Records from a data collection
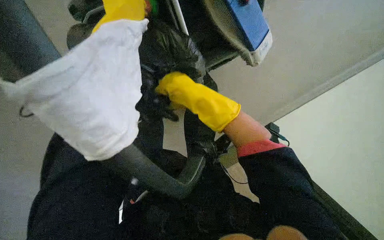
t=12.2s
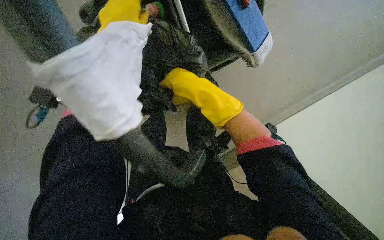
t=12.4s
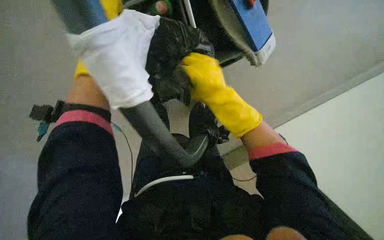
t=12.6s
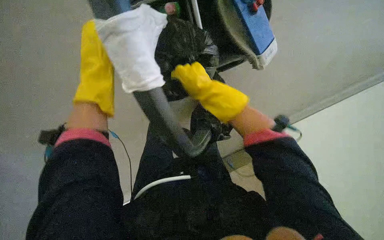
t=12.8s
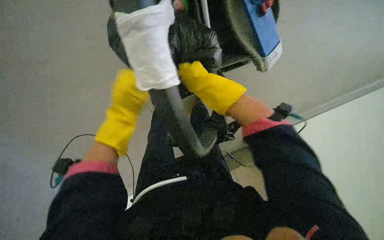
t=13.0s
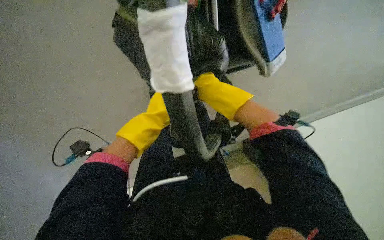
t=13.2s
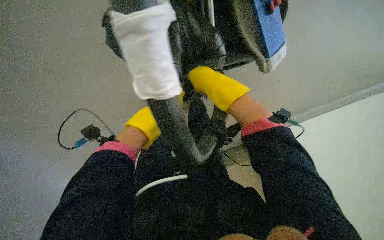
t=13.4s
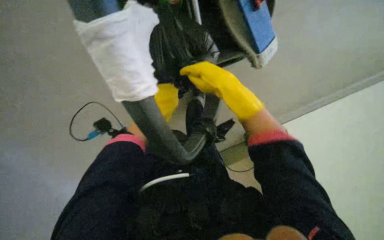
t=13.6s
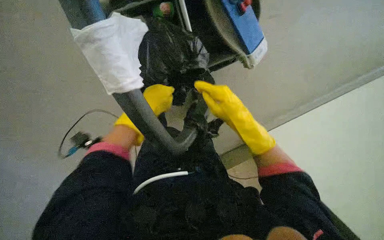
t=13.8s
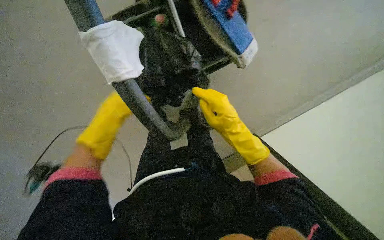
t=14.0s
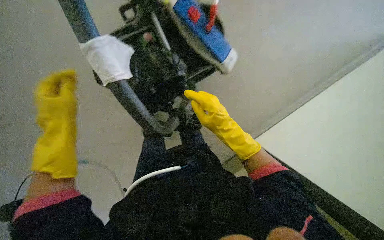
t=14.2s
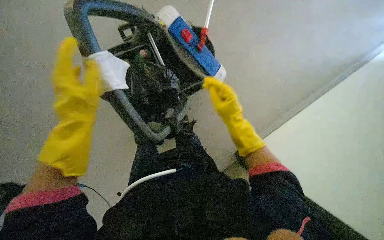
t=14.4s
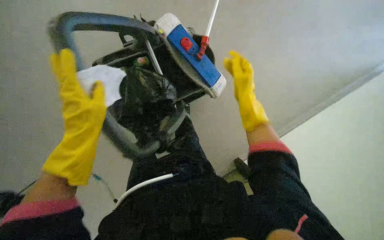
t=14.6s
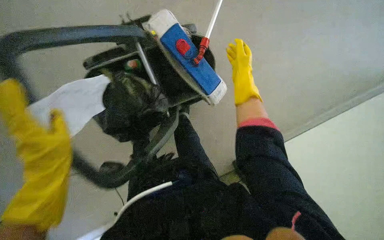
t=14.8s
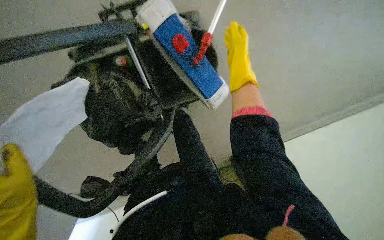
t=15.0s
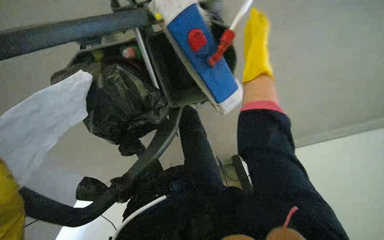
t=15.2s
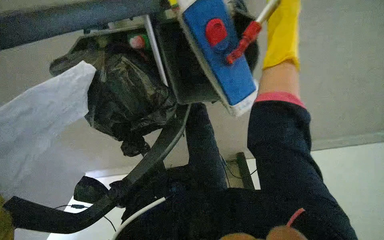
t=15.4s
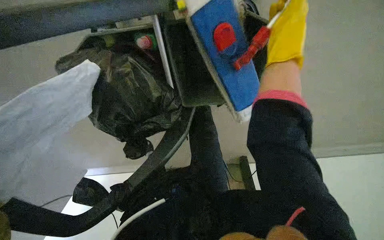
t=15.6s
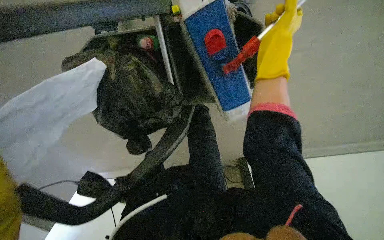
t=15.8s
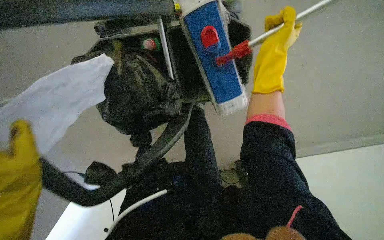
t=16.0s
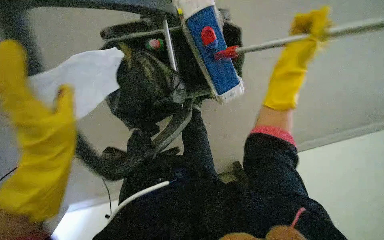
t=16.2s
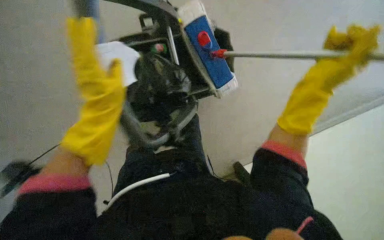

What is expected
Repeat each record exactly, with the pictures left out.

Exercise solution
t=12.2s
t=12.4s
t=12.6s
t=12.8s
t=13.0s
t=13.2s
t=13.4s
t=13.6s
t=13.8s
t=14.0s
t=14.2s
t=14.4s
t=14.6s
t=14.8s
t=15.0s
t=15.2s
t=15.4s
t=15.6s
t=15.8s
t=16.0s
t=16.2s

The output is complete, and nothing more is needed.